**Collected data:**
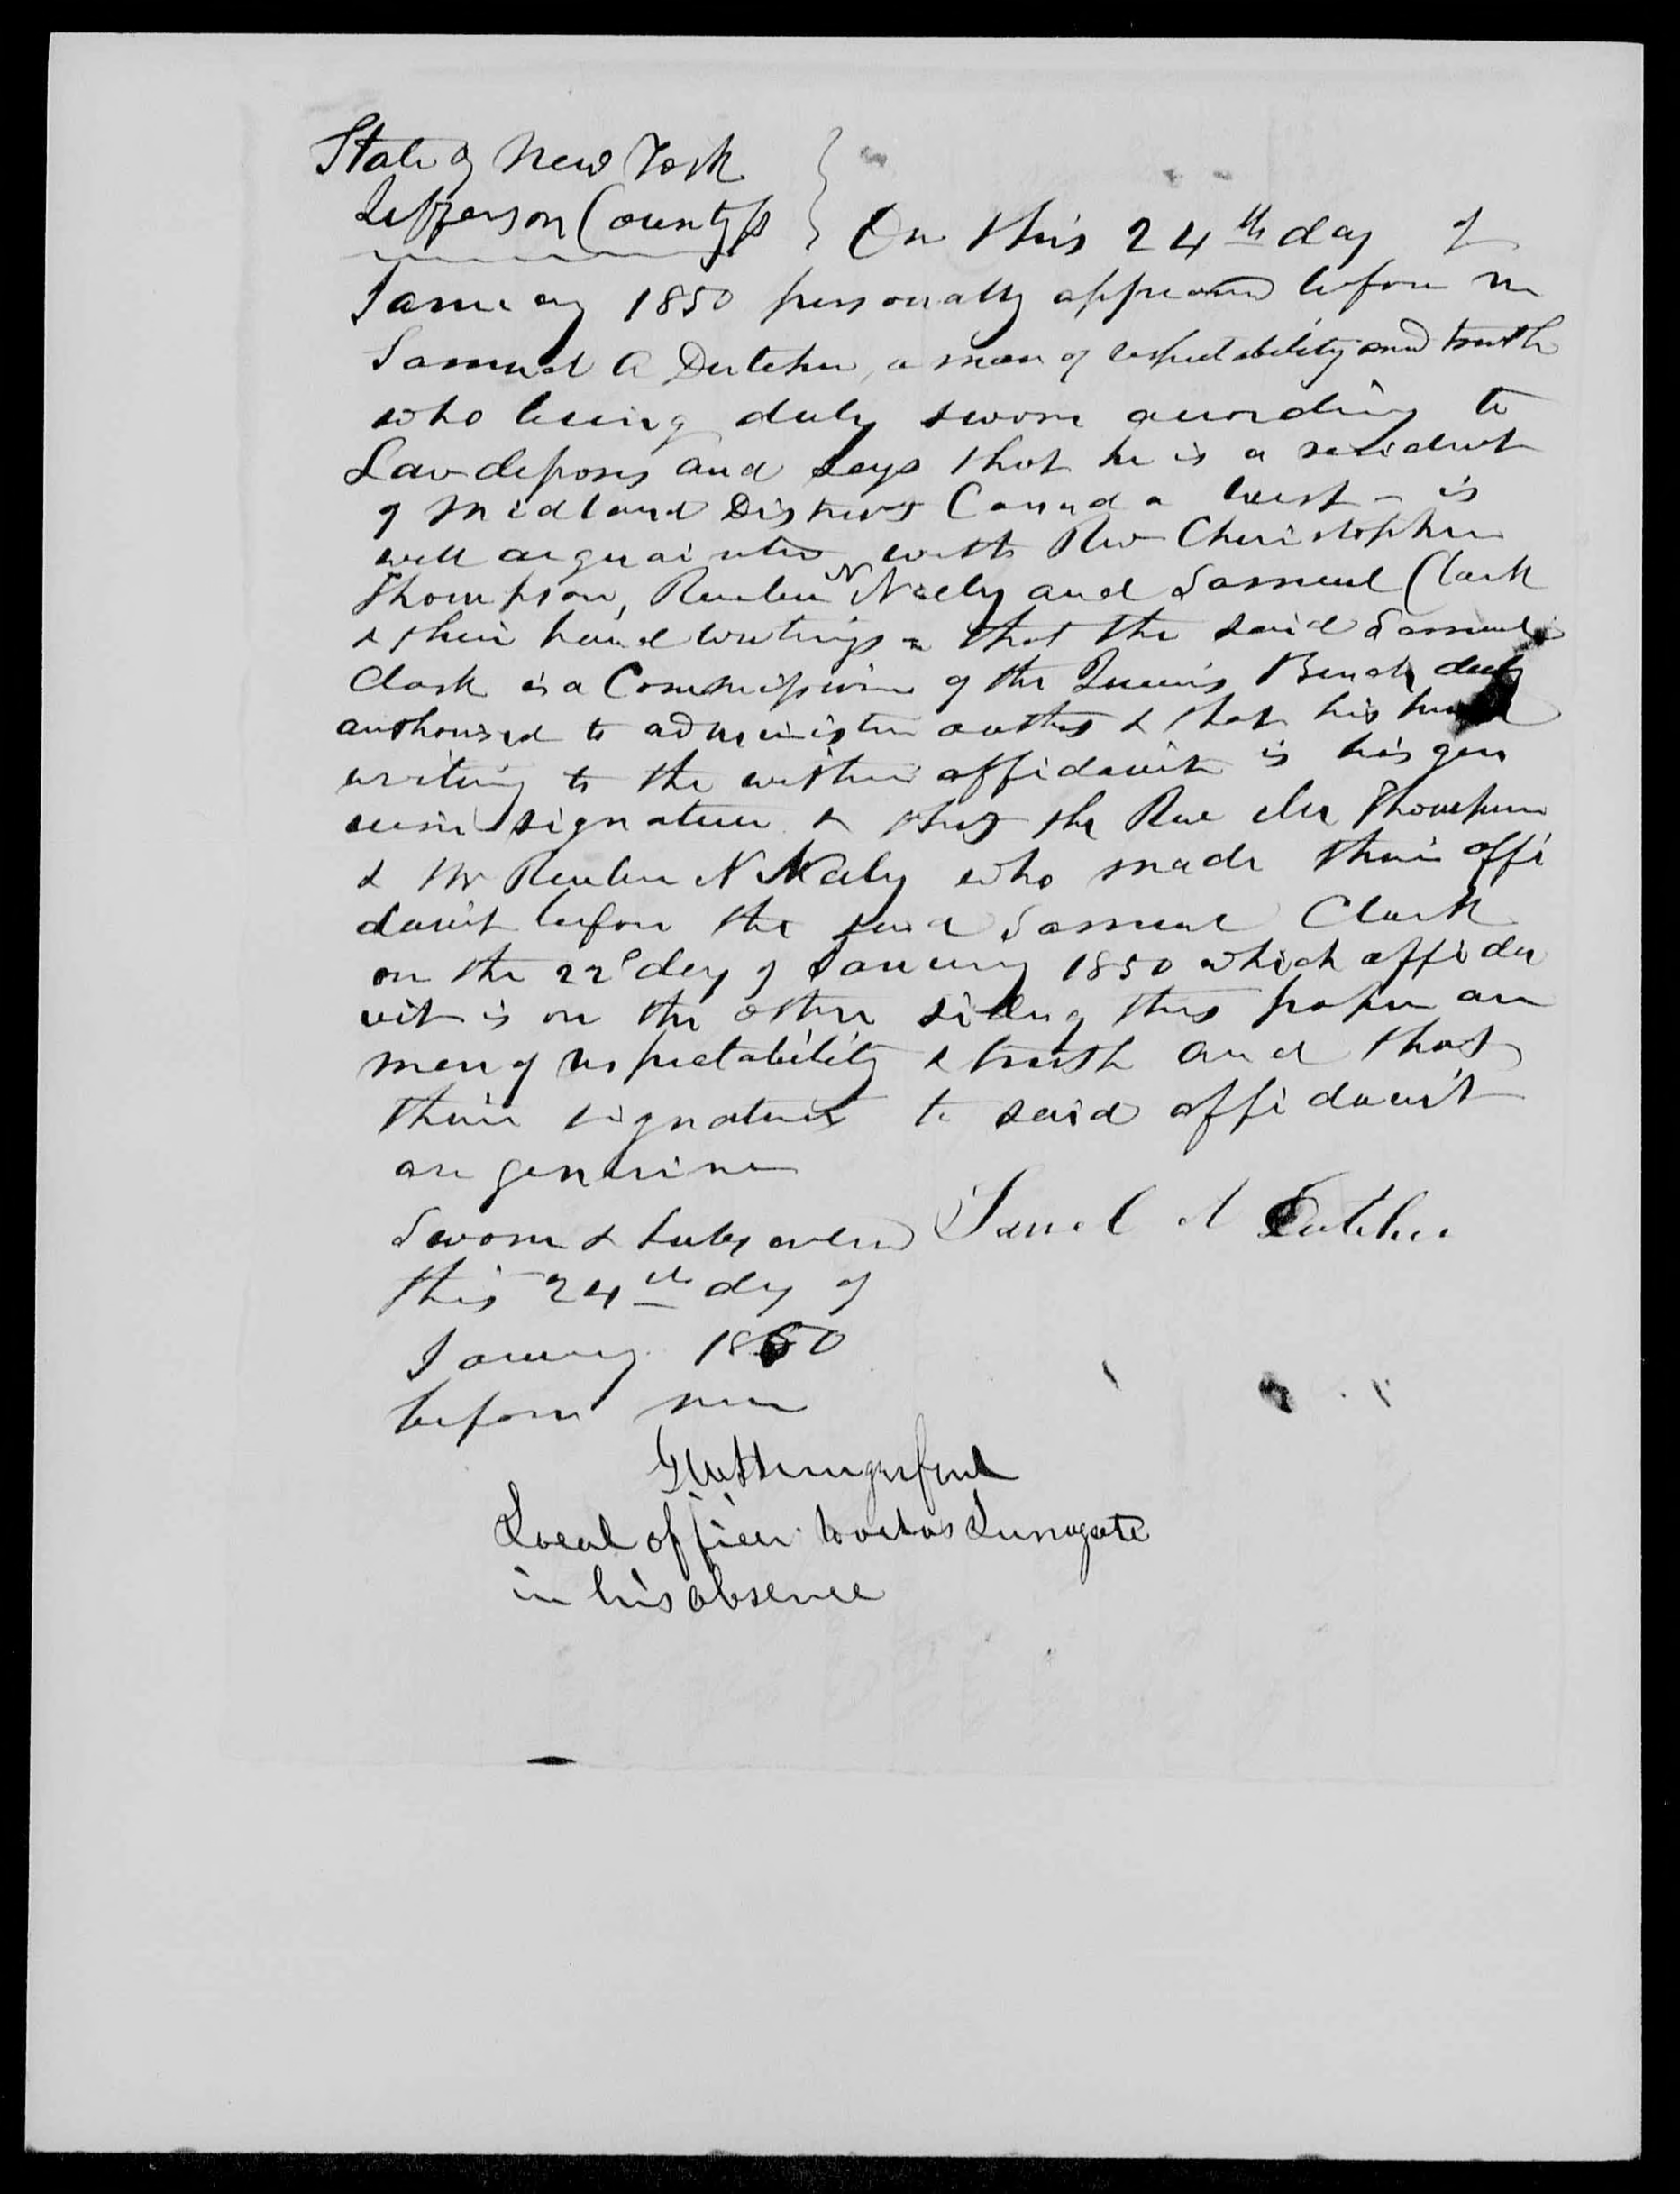State of New York
Jefferson County ss  )  On this 24th day of January 1850 personally appeared before me Samuel A Dutcher, a man of creditability and truth who being duly sworn according to Law deposes and Says that he is a resident of Midland District Canada West - is well acquainted with Rev Christopher Thompson, Reuben N Neely and Samuel Clark & their hand writings - that the said Samuel Clark is a Commissioner of the Queen's Bench duly authorized to administer oaths & that his hand writing to the within affidavit is his genuine signature & that the Rev Chr Thompson & Mr Reuben N Neely who made their affidavit before the said Samuel Clark on the 22d day of January 1850 which affidavit is on the other side of this paper are men of respectability & truth and that their signatures to said affidavit are genuine
Samuel A Dutcher
Sworn & subscribed
this 24th dy of
January 1850
before me
GW Hungerford
(?) officer to act as Surrogate
in his absence

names: Reuben N Neely, Christopher Thompson, Samuel A Dutcher, Samuel Clark, Reuben N Neely, Samuel Clark, Samuel Clark, Saml A Dutcher, G W Hungerford
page: 12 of 26
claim: rejected
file: R. 2001, Jonathan Clark, Conn.
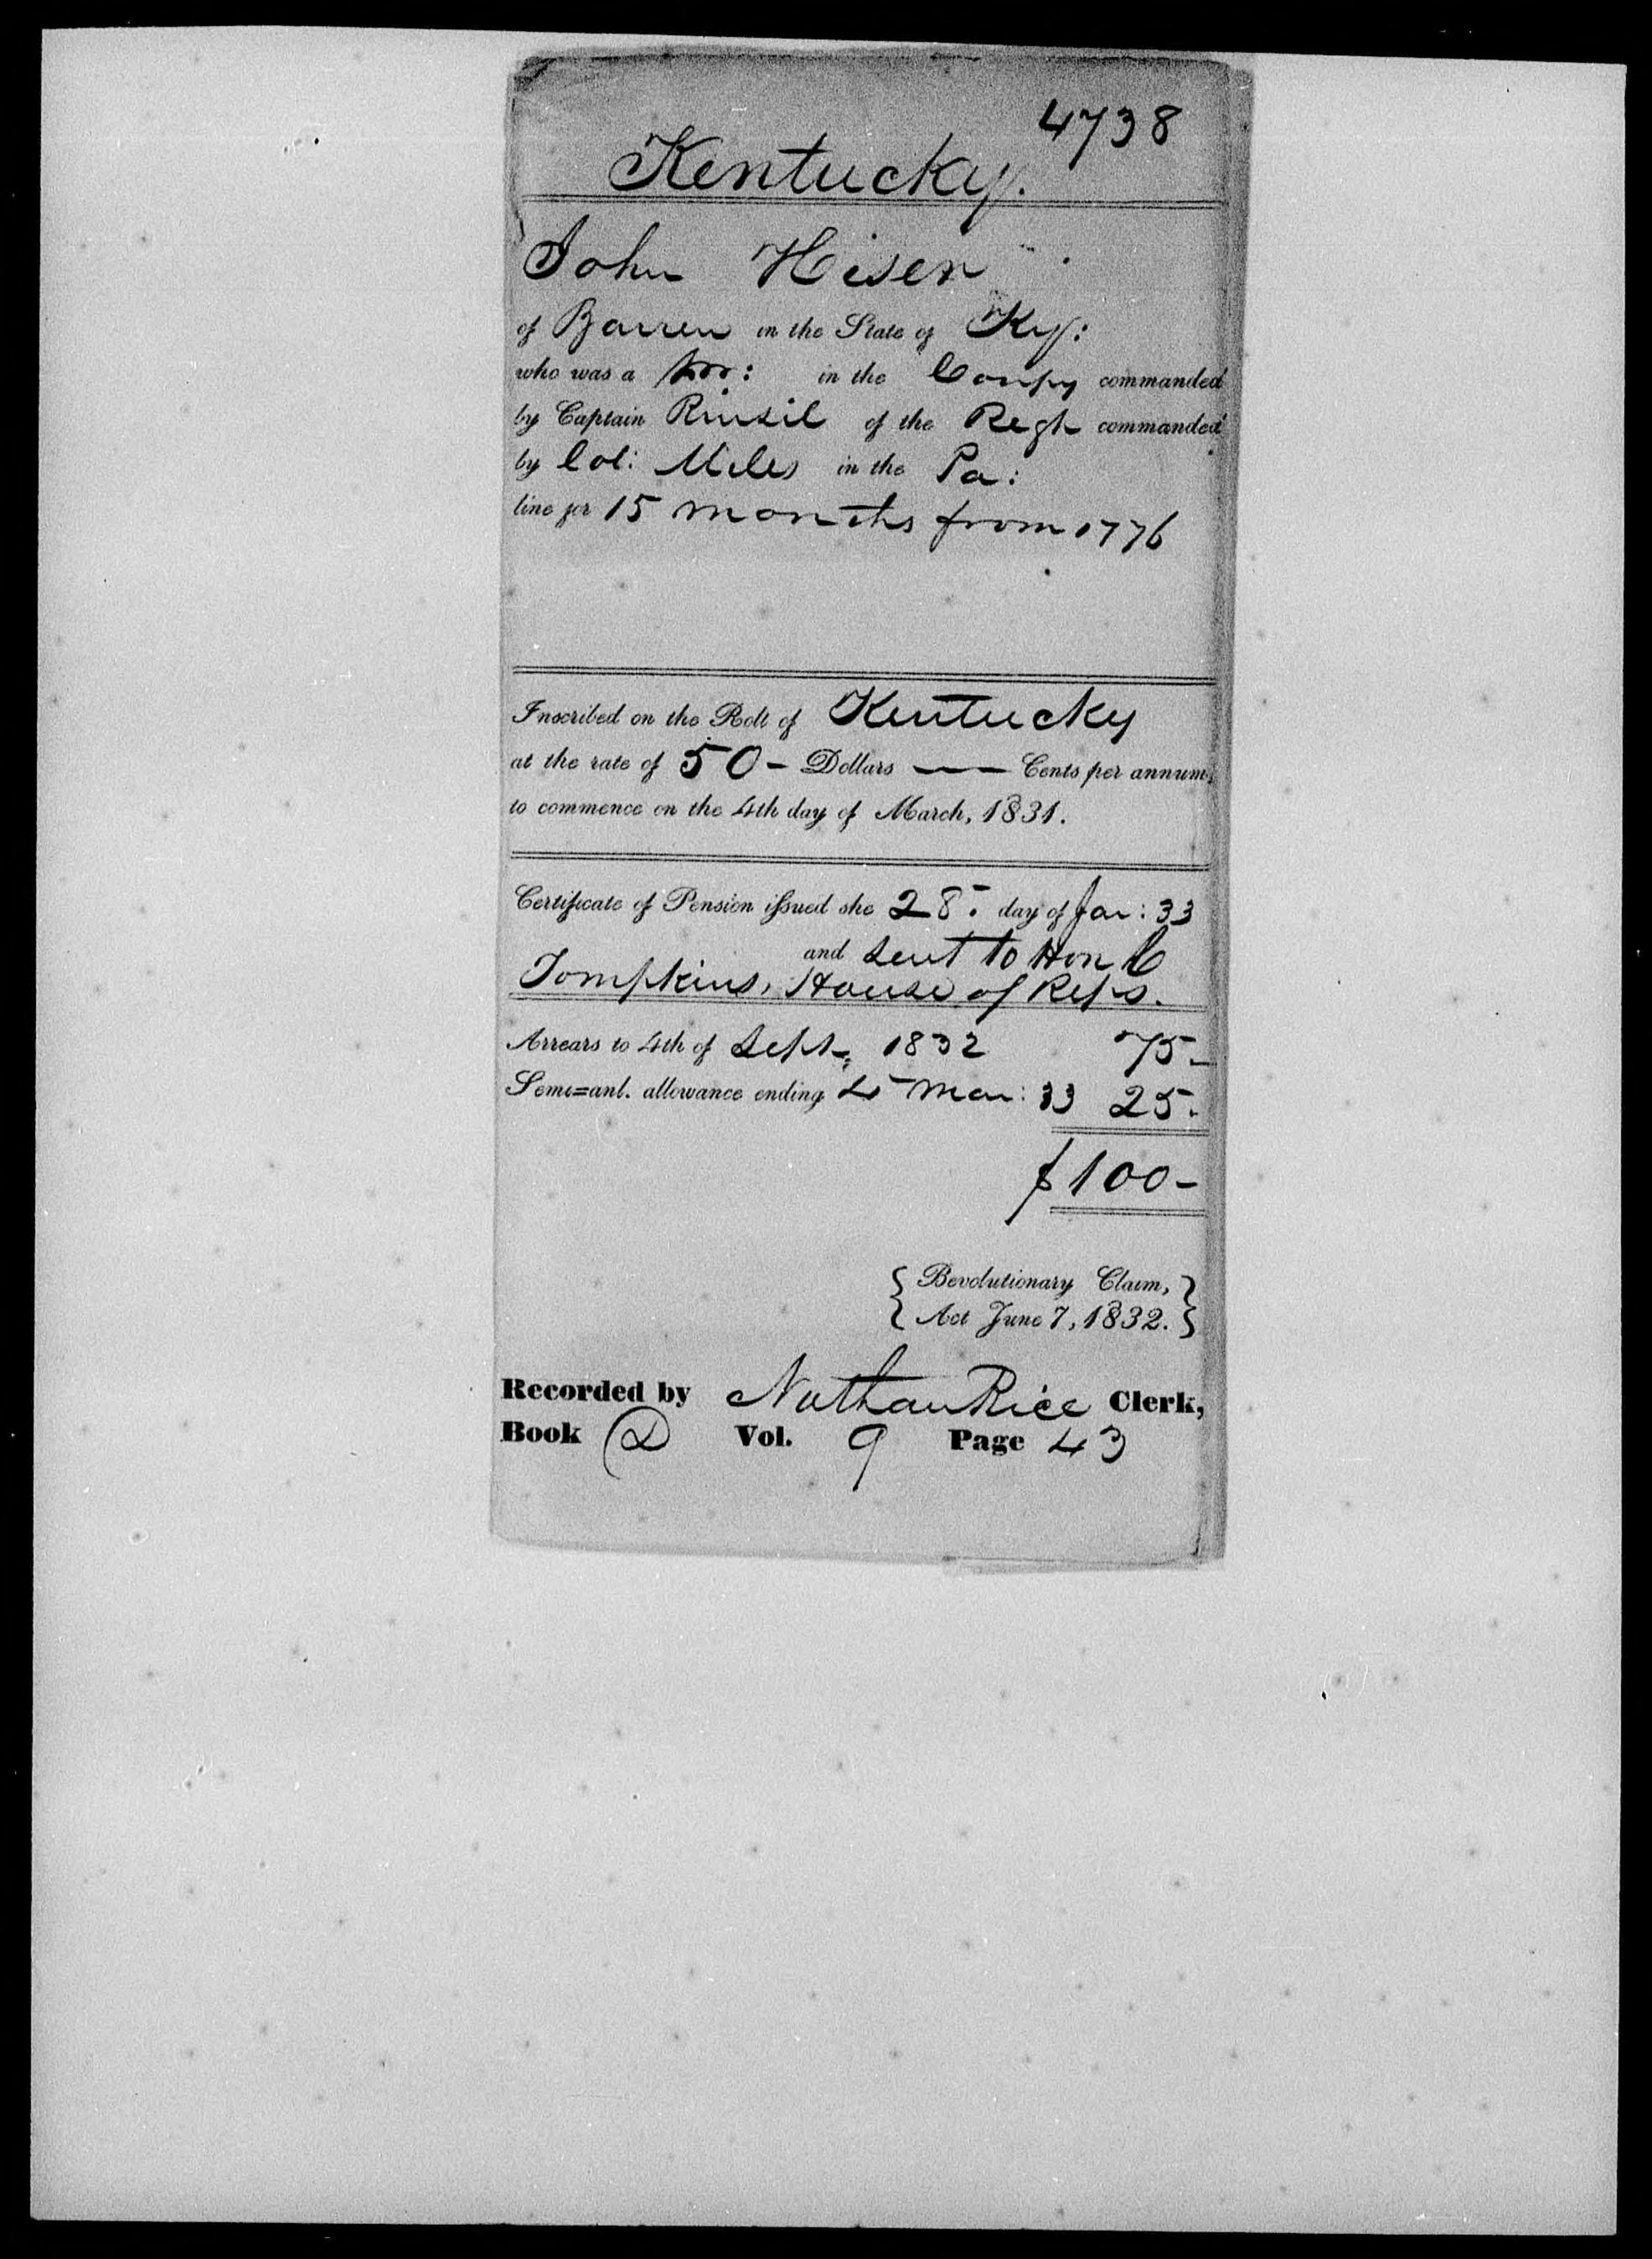4738

Kentucky
===================
John Hiser
of Barren in the State of KY:
who was a pbvt: in the Compy. commanded 
by Captain Rinsil of the Regt. commanded
by Col: Miles in the Pa:
line for 15 months from 1776
================================
Inscribed on the Roll of Kentucky
at the rate of 50-Dollars----Cents per annum
to commence on the 4th day of March, 1831.
=================================
Certificate of Pension issued the 28. day of Jan.:33 and sent to Hon C. Tompkins, House of Reps.
==================================
Arrears to 4th of Sept-1832     75--
Semi-anl. allowance ending 4 Mar: 33  25--
==================================
$100-
=====
{Revolutionary Claim, Act June 7, 1832}

Recorded by Nathan Rice Clerk,
Book D.  Vol. 9.  Page 43

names: Miles, Nathan Rice, Rinsil, John Hiser, C Tompkins
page: 2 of 58
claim: widow's
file: W. 8932, John Hiser, Penn.

**What this task involves:** Write the records out once more, exactly as they appear, with no pictures.

**Result:**
State of New York
Jefferson County ss  )  On this 24th day of January 1850 personally appeared before me Samuel A Dutcher, a man of creditability and truth who being duly sworn according to Law deposes and Says that he is a resident of Midland District Canada West - is well acquainted with Rev Christopher Thompson, Reuben N Neely and Samuel Clark & their hand writings - that the said Samuel Clark is a Commissioner of the Queen's Bench duly authorized to administer oaths & that his hand writing to the within affidavit is his genuine signature & that the Rev Chr Thompson & Mr Reuben N Neely who made their affidavit before the said Samuel Clark on the 22d day of January 1850 which affidavit is on the other side of this paper are men of respectability & truth and that their signatures to said affidavit are genuine
Samuel A Dutcher
Sworn & subscribed
this 24th dy of
January 1850
before me
GW Hungerford
(?) officer to act as Surrogate
in his absence

names: Reuben N Neely, Christopher Thompson, Samuel A Dutcher, Samuel Clark, Reuben N Neely, Samuel Clark, Samuel Clark, Saml A Dutcher, G W Hungerford
page: 12 of 26
claim: rejected
file: R. 2001, Jonathan Clark, Conn.
4738

Kentucky
===================
John Hiser
of Barren in the State of KY:
who was a pbvt: in the Compy. commanded 
by Captain Rinsil of the Regt. commanded
by Col: Miles in the Pa:
line for 15 months from 1776
================================
Inscribed on the Roll of Kentucky
at the rate of 50-Dollars----Cents per annum
to commence on the 4th day of March, 1831.
=================================
Certificate of Pension issued the 28. day of Jan.:33 and sent to Hon C. Tompkins, House of Reps.
==================================
Arrears to 4th of Sept-1832     75--
Semi-anl. allowance ending 4 Mar: 33  25--
==================================
$100-
=====
{Revolutionary Claim, Act June 7, 1832}

Recorded by Nathan Rice Clerk,
Book D.  Vol. 9.  Page 43

names: Miles, Nathan Rice, Rinsil, John Hiser, C Tompkins
page: 2 of 58
claim: widow's
file: W. 8932, John Hiser, Penn.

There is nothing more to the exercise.